Thursday May 1, 2008 (Published on http://ipy-cfl.ca/page11/page34/page34.php)
The thermometer reads -8 degrees Celsius as we set foot on the ice at 09.30. The wind makes it feel like -18. Today I am wearing arctic boots for the first time. Thanks to technician Joanne Delaronde, who looked yesterday on the ice a bit worried at my mountain boots and asked whether I did not have cold feet in them. Yes, I did. She managed to find me some size-11 spare boots, which I can use the rest of my stay with the Amundsen.
Experimenting, digging or drilling at one spot on the ice means a lot of standing, little walking, and so even quicker getting cold feet. The cold was cutting in due time through my mountain shoes. And filling them with three pair of thick socks meant that there was no air layer anymore inside to fight the freezing cold. To dam the cold cutting through, arctic boots have a kind of inner sole with air pockets, which use the great insulating properties of still air.
Today we are first going to measure CO2-concentrations in the ice.
A flag in the ice points the way we are heading to by snow scooter. Three days ago technician Keith Johnson from the Department of Fisheries and Oceans – IOS put there four tubes with permeable walls into the ice, at four different depths. Now they are frozen into the ice. “We call them peepers”, Keith says. The ‘peepers’ slowly take in CO2 from the surrounding ice, until the concentration in the tubes is the same as in the ice. Three days should be enough for that slow process, he hopes.
Arriving at the spot with the flag, some small metal pipes stick into the air. Through these little pipes the gas from the tubes is analyzed. PhD-student Nicolas-Xavier Geilfus from the University of Brussels reads the CO2-concentrations and Keith writes them down.
“We know pretty well how much CO2 the oceans absorb”, Keith tells, “but the role of the sea ice in the exchange of CO2-fluxes is much less known. This is what we are trying to find out with our measurements. In the winter, when it’s really cold, the ice works as an insulating cap between the atmosphere and the seawater. Then there is no CO2-flux going through. But in the spring, when the air is getting warmer, the ice gets warmer too. Channels in the ice form, which can transport CO2 from the atmosphere to the seawater and vice versa.”
“Besides this, we also want to know what is the role of the CO2-exchange for the ecological system. In the spring, the algae start to bloom. They can absorb a lot of CO2 through the ice.”

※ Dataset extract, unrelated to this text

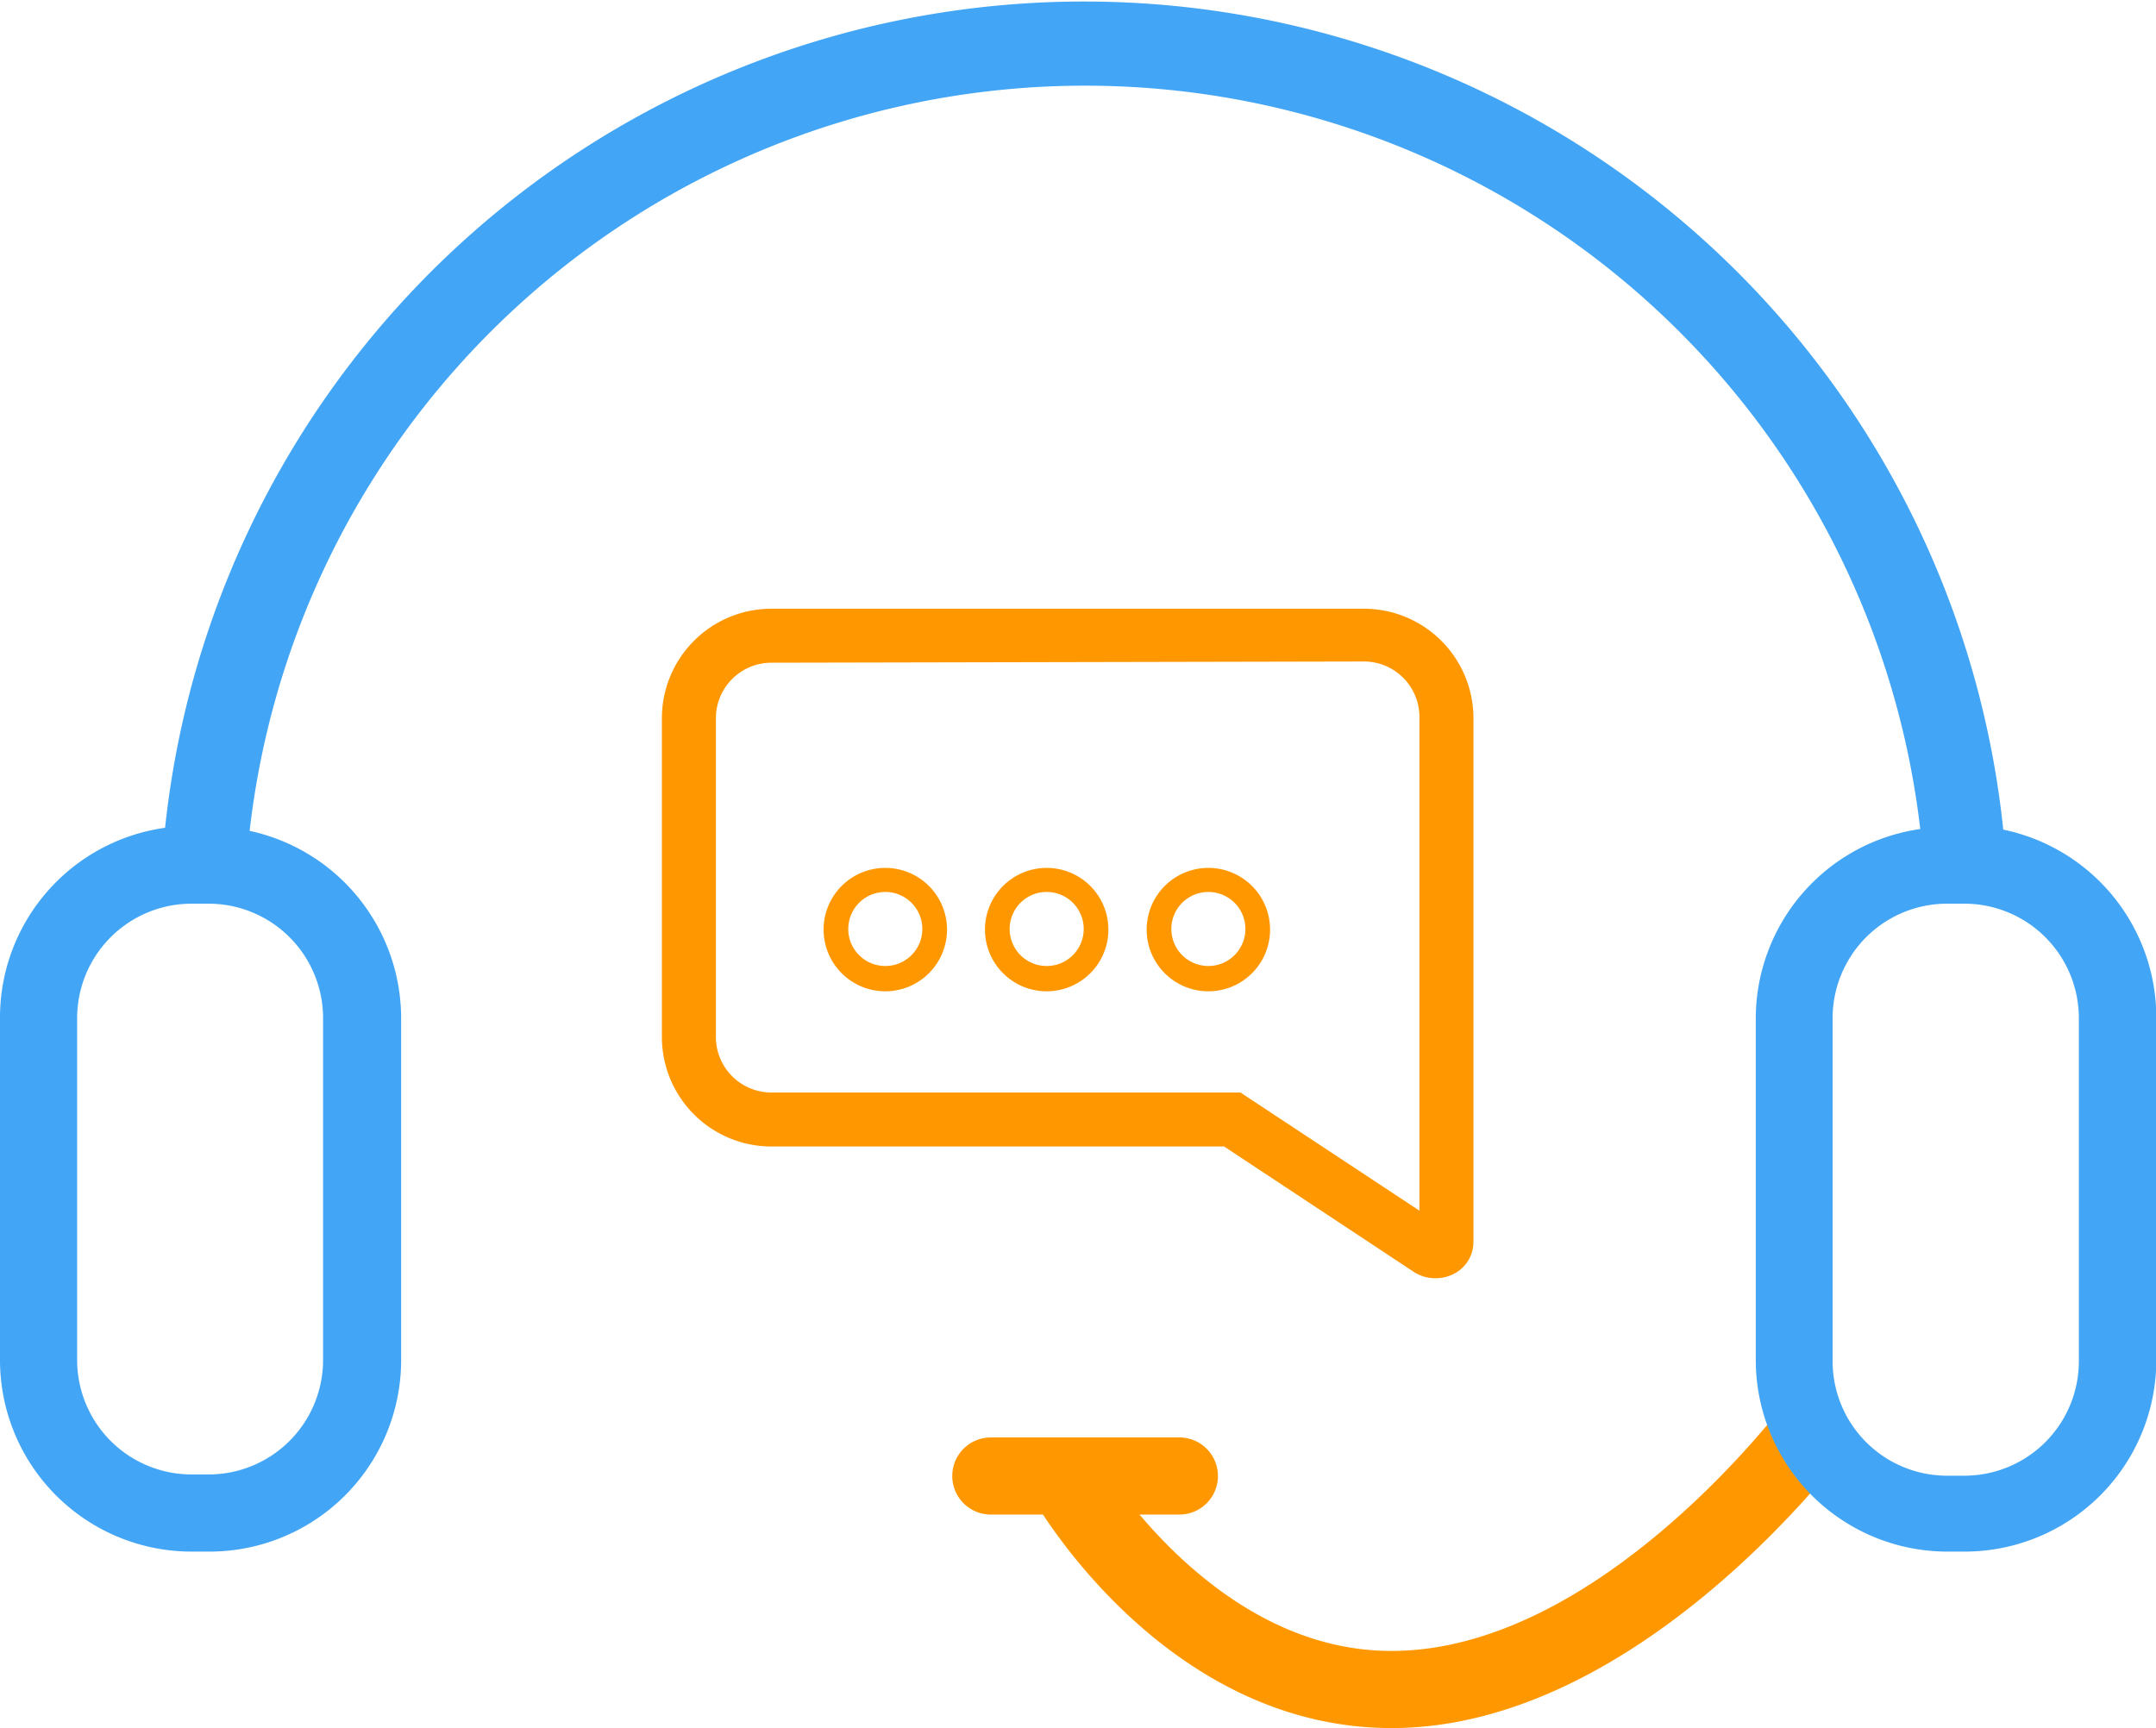 <svg xmlns="http://www.w3.org/2000/svg" viewBox="0 0 69.87 56.01"><defs><style>.cls-1{fill:#ff9800;}.cls-2{fill:#42a5f5;}</style></defs><title>Asset 255</title><g id="Layer_2" data-name="Layer 2"><g id="Layer_1-2" data-name="Layer 1"><path class="cls-1" d="M57.94,45.35c-.06.08-6.05,8.16-12.85,8.16-3.78,0-6.63-2.61-8.16-4.42h1.29a1.25,1.25,0,0,0,0-2.5H32.11a1.25,1.25,0,0,0,0,2.5H33.8c1.06,1.61,5,6.92,11.3,6.92,8,0,14.59-8.81,14.86-9.18Z"/><path class="cls-2" d="M64.92,26.89a29.95,29.95,0,0,0-59.57-.06A6.21,6.21,0,0,0,0,33V44.08a6.21,6.21,0,0,0,6.21,6.21h.56A6.21,6.21,0,0,0,13,44.08V33a6.22,6.22,0,0,0-4.91-6.07,27.25,27.25,0,0,1,54.14-.06A6.21,6.21,0,0,0,56.9,33V44.08a6.21,6.21,0,0,0,6.21,6.21h.56a6.21,6.21,0,0,0,6.21-6.21V33A6.22,6.22,0,0,0,64.92,26.89ZM10.47,33V44.08a3.71,3.71,0,0,1-3.71,3.71H6.21A3.71,3.71,0,0,1,2.5,44.08V33a3.71,3.71,0,0,1,3.71-3.71h.56A3.71,3.71,0,0,1,10.47,33Zm56.9,11.12a3.71,3.71,0,0,1-3.71,3.71H63.1a3.71,3.71,0,0,1-3.71-3.71V33a3.71,3.71,0,0,1,3.71-3.71h.56A3.71,3.71,0,0,1,67.37,33Z"/><path class="cls-1" d="M28.69,32.13a2,2,0,1,1,2-2A2,2,0,0,1,28.69,32.13Zm0-3.22a1.2,1.2,0,1,0,1.2,1.2A1.2,1.2,0,0,0,28.69,28.91Z"/><path class="cls-1" d="M33.92,32.13a2,2,0,1,1,2-2A2,2,0,0,1,33.92,32.13Zm0-3.22a1.2,1.2,0,1,0,1.2,1.2A1.2,1.2,0,0,0,33.92,28.91Z"/><path class="cls-1" d="M39.16,32.13a2,2,0,1,1,2-2A2,2,0,0,1,39.16,32.13Zm0-3.22a1.2,1.2,0,1,0,1.2,1.2A1.2,1.2,0,0,0,39.16,28.91Z"/><path class="cls-1" d="M46.51,41.43a1.27,1.27,0,0,1-.7-.21l-6.14-4.06H25a3.55,3.55,0,0,1-3.55-3.55V23.28A3.55,3.55,0,0,1,25,19.73h19.2a3.55,3.55,0,0,1,3.55,3.55v17a1.16,1.16,0,0,1-.62,1A1.28,1.28,0,0,1,46.51,41.43ZM25,21.48a1.8,1.8,0,0,0-1.8,1.8V33.61a1.8,1.8,0,0,0,1.8,1.8H40.2L46,39.24v-16a1.8,1.8,0,0,0-1.8-1.8Z"/></g></g></svg>

When finished with the measurements, we leave the tubes behind us in the ice. “May be we can use them again later”, says Keith. “When the Amundsen leaves this ice floe, a transponder will be left on the floe. So, even when we leave to somewhere else, we will still be able to tell where this piece of ice is drifting. We can use the helicopter or the Amundsen to come back to do new measurements with the tubes or to take them out of the ice.”
When we are done with the CO2-measurements, we drive by snow scooter to the other side of the boat. It’s much windier over there. At the previous spot, the ship was shielding the wind from us. Still, I love to be outside, though it’s good to know that the Amundsen is always close, in case your body really would start to get cold.
PhD-student Jens Ehn from the University of Manitoba sets his albedo meter up and measures the light reflection. Sea ice with wet snow on top reflects more than seventy percent, sea ice with dry snow even more than eighty. The more ice melts, the more water, and the more light is absorbed. Which means that the ice starts to melt even more.
After two hours working on the ice, we return to the boat. Still, I do not have cold feet. A big hurrah for the arctic boots.
But even the modern, high-tech arctic boots, lose the game against the traditional Inuit shoes, or ‘kamik’, tells my Inuit-roommate Roger Memorana. I ask him how they are made. “The sole consists of three layers”, he tells. “At the bottom: moose skin, in the middle: musk ox wool and on the top: duffle. The rest of the ‘kamik’ is made out of caribou skin, musk ox skin or – if you want them to be complete waterproof – seal skin.”
“The kamik are both warmer and lighter than the shoes you were wearing today”, Roger tells me. All the other experienced arctic researchers whom I ask agree.